# [What to work on]
Every entry in the data that follows should come back exactly, pictures aside.

**** Given data

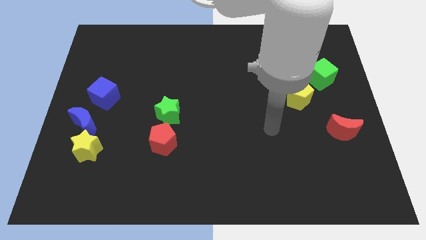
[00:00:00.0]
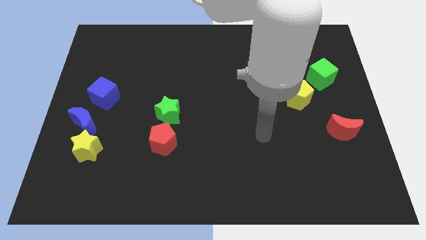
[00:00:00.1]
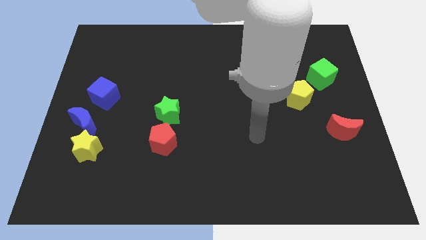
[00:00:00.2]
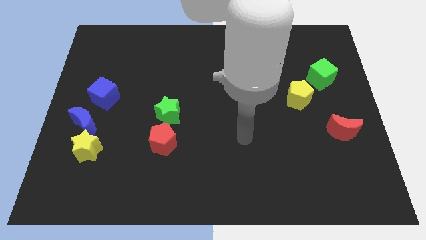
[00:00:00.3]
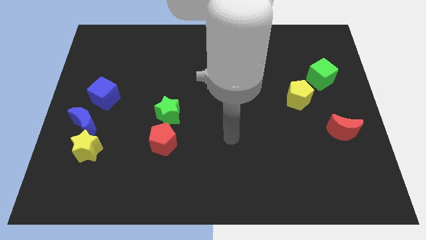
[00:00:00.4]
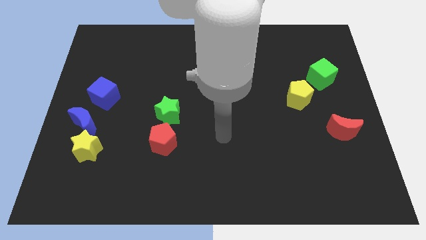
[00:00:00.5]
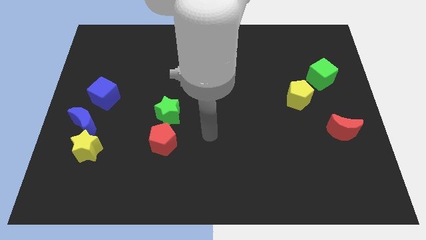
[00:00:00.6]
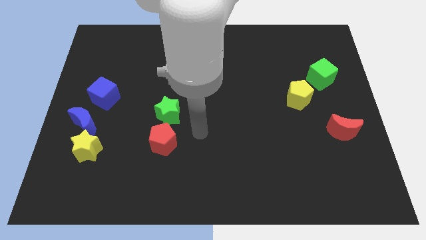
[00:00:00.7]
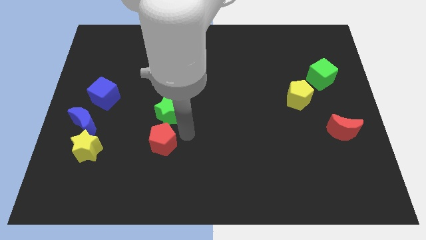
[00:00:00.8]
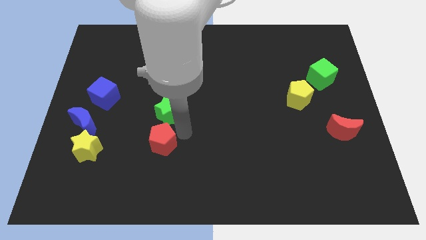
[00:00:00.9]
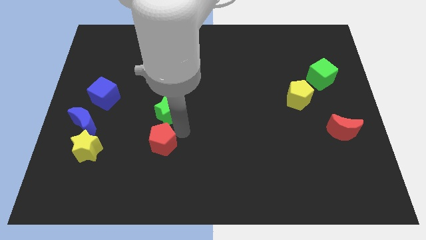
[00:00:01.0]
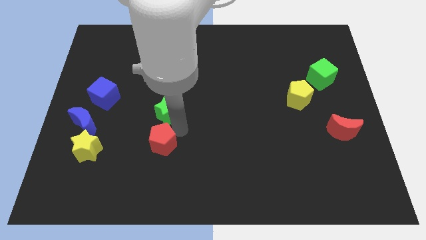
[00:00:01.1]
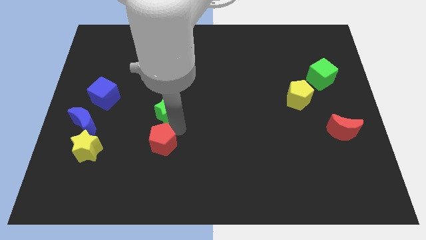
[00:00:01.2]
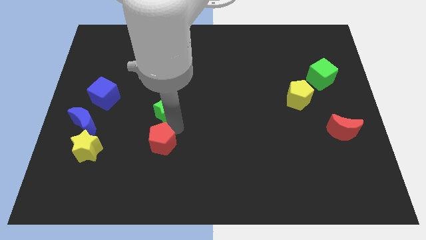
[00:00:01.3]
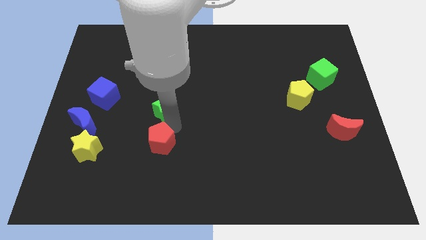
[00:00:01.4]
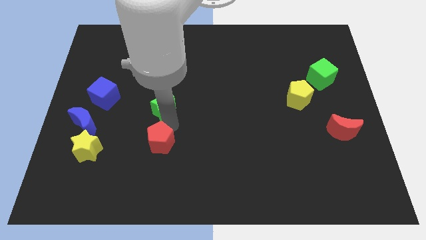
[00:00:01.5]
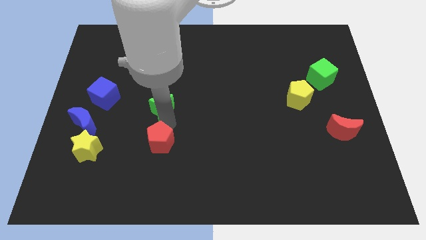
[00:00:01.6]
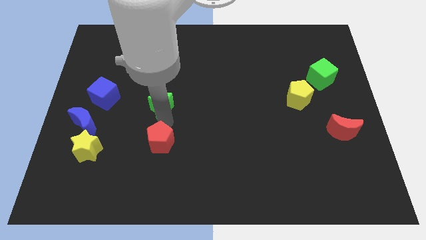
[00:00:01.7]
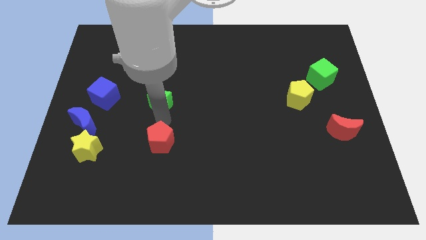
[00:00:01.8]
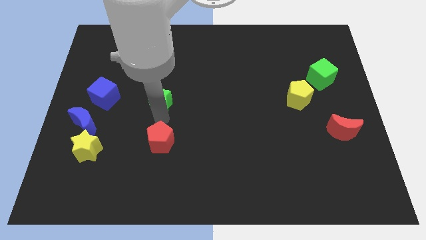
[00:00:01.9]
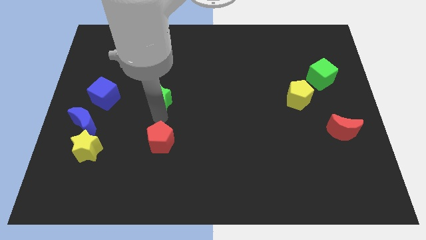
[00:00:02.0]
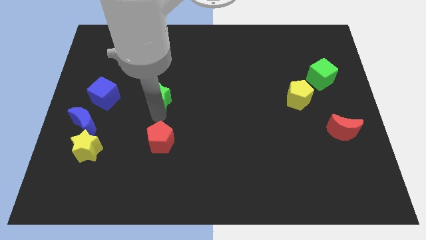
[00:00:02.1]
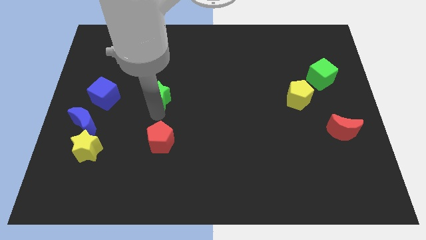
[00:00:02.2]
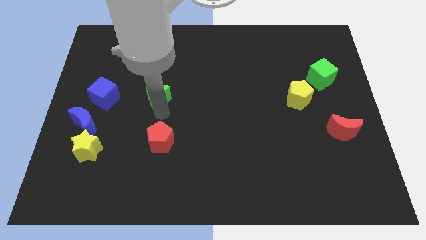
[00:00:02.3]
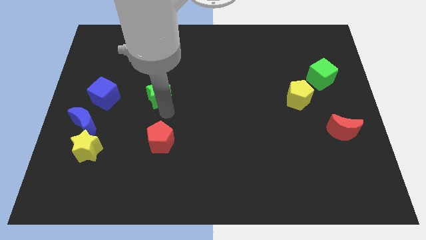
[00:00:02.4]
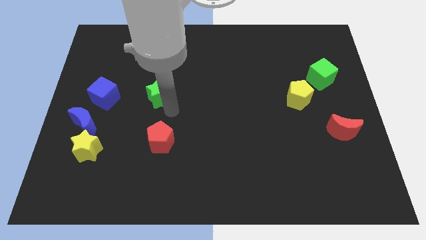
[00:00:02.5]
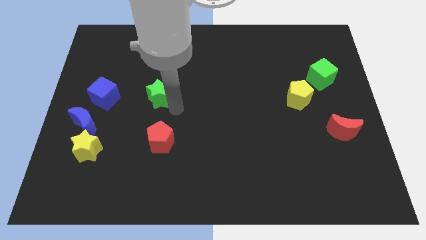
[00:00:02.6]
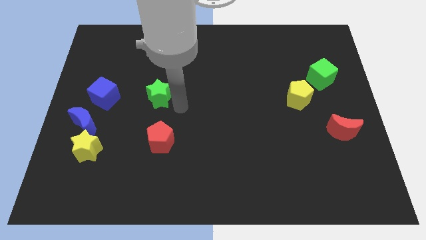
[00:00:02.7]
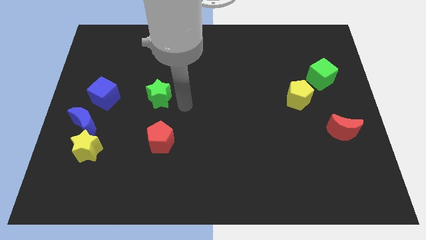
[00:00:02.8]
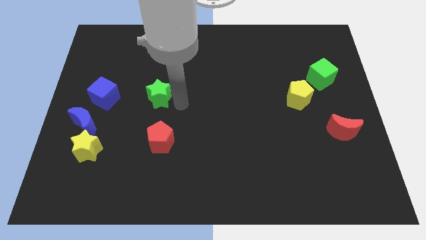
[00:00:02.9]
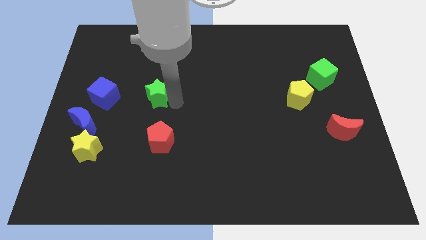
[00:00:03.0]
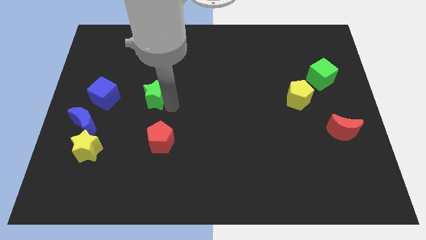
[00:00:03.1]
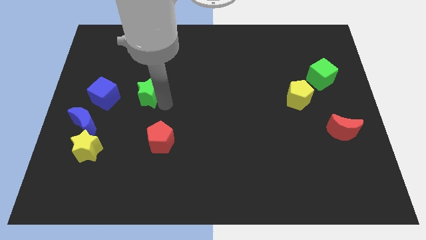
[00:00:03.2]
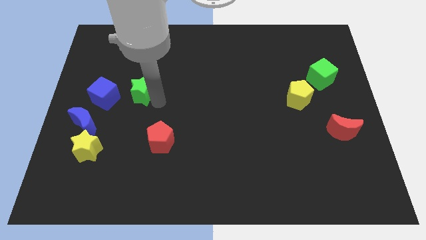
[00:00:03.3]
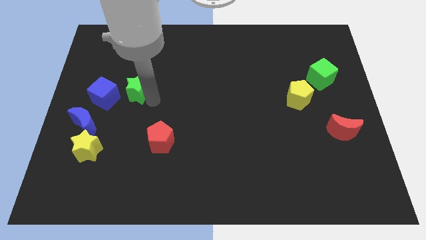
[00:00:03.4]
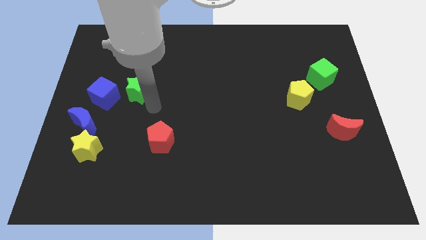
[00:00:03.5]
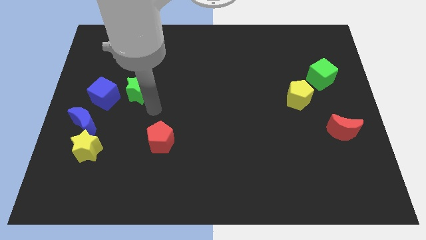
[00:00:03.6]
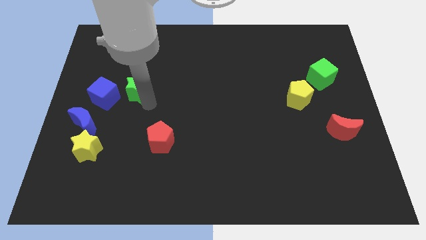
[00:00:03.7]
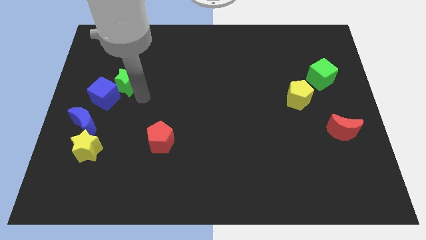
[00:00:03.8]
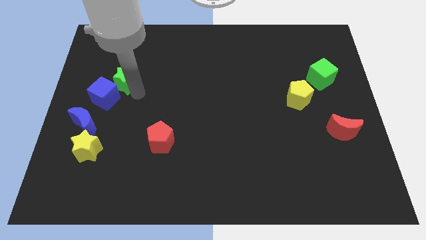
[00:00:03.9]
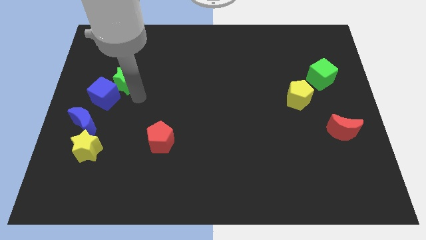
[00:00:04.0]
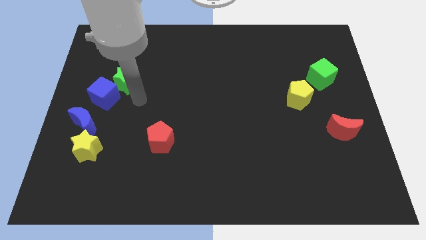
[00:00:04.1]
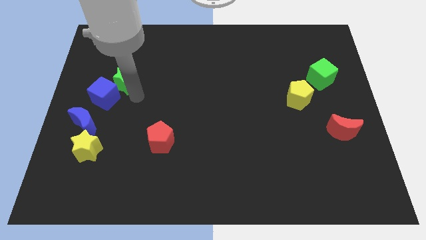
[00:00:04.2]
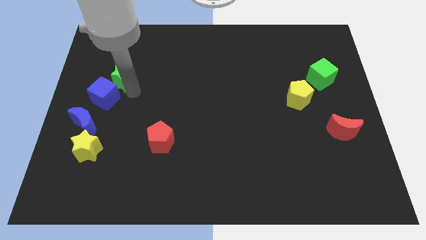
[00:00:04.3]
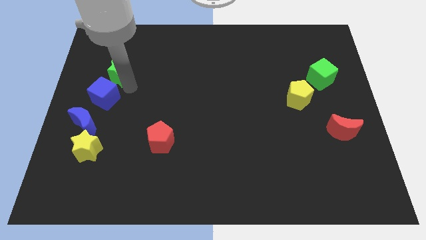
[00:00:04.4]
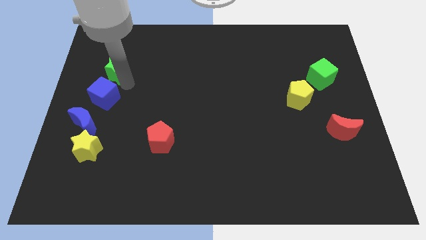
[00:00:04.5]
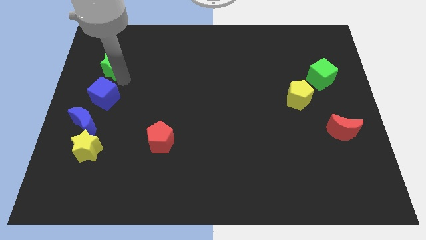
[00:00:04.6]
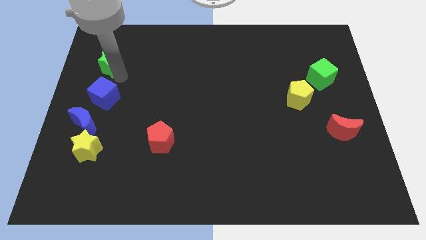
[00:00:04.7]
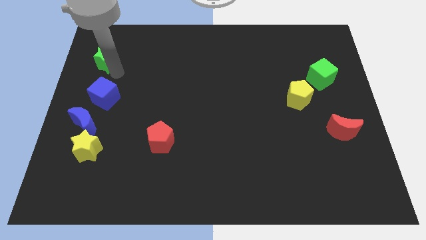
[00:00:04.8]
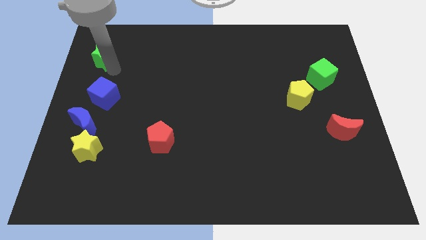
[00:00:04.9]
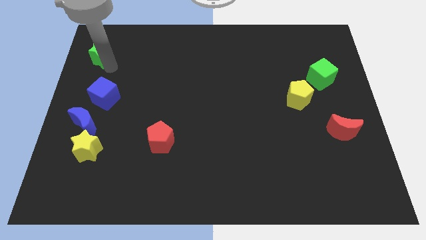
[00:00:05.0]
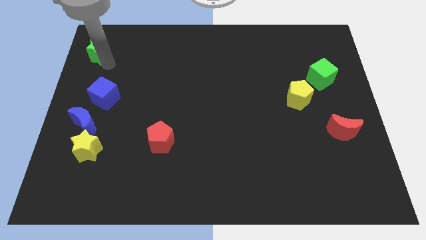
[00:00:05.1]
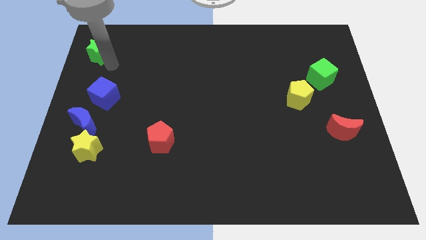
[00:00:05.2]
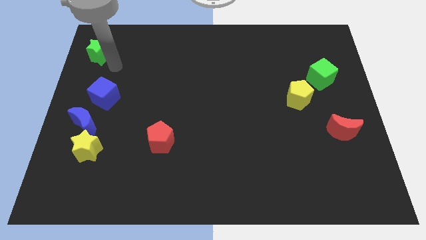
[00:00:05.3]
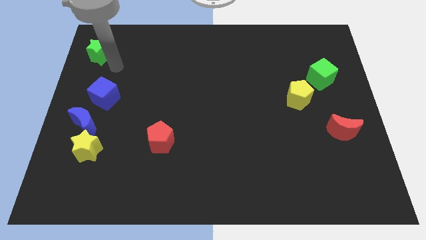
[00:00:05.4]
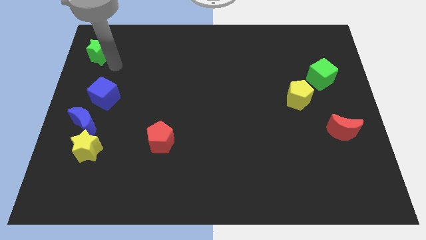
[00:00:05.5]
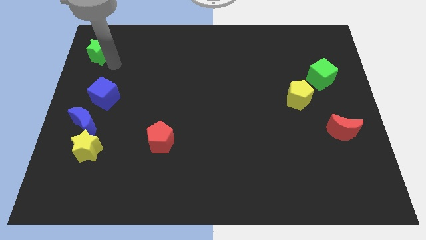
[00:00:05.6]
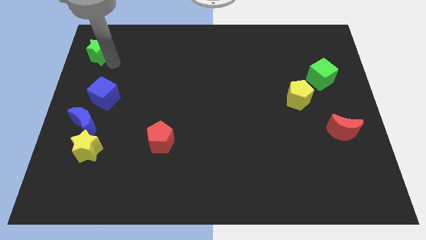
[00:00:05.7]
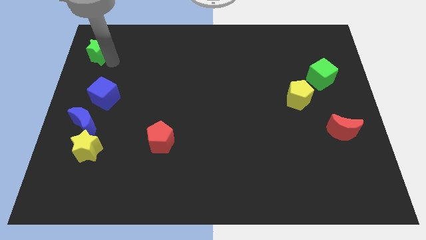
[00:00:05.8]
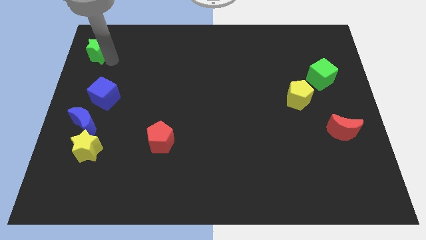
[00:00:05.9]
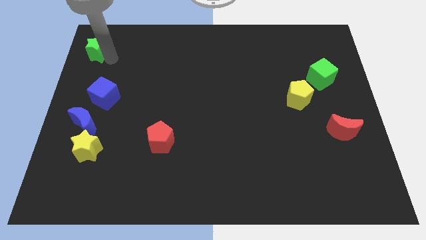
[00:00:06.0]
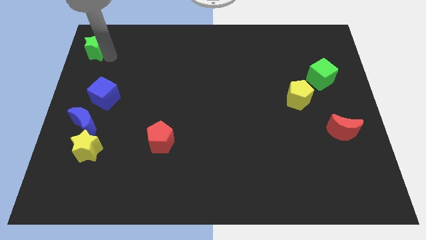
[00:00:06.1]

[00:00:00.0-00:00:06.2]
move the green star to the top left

********

# [Exercise answer]
[00:00:00.0]
[00:00:00.1]
[00:00:00.2]
[00:00:00.3]
[00:00:00.4]
[00:00:00.5]
[00:00:00.6]
[00:00:00.7]
[00:00:00.8]
[00:00:00.9]
[00:00:01.0]
[00:00:01.1]
[00:00:01.2]
[00:00:01.3]
[00:00:01.4]
[00:00:01.5]
[00:00:01.6]
[00:00:01.7]
[00:00:01.8]
[00:00:01.9]
[00:00:02.0]
[00:00:02.1]
[00:00:02.2]
[00:00:02.3]
[00:00:02.4]
[00:00:02.5]
[00:00:02.6]
[00:00:02.7]
[00:00:02.8]
[00:00:02.9]
[00:00:03.0]
[00:00:03.1]
[00:00:03.2]
[00:00:03.3]
[00:00:03.4]
[00:00:03.5]
[00:00:03.6]
[00:00:03.7]
[00:00:03.8]
[00:00:03.9]
[00:00:04.0]
[00:00:04.1]
[00:00:04.2]
[00:00:04.3]
[00:00:04.4]
[00:00:04.5]
[00:00:04.6]
[00:00:04.7]
[00:00:04.8]
[00:00:04.9]
[00:00:05.0]
[00:00:05.1]
[00:00:05.2]
[00:00:05.3]
[00:00:05.4]
[00:00:05.5]
[00:00:05.6]
[00:00:05.7]
[00:00:05.8]
[00:00:05.9]
[00:00:06.0]
[00:00:06.1]

[00:00:00.0-00:00:06.2]
move the green star to the top left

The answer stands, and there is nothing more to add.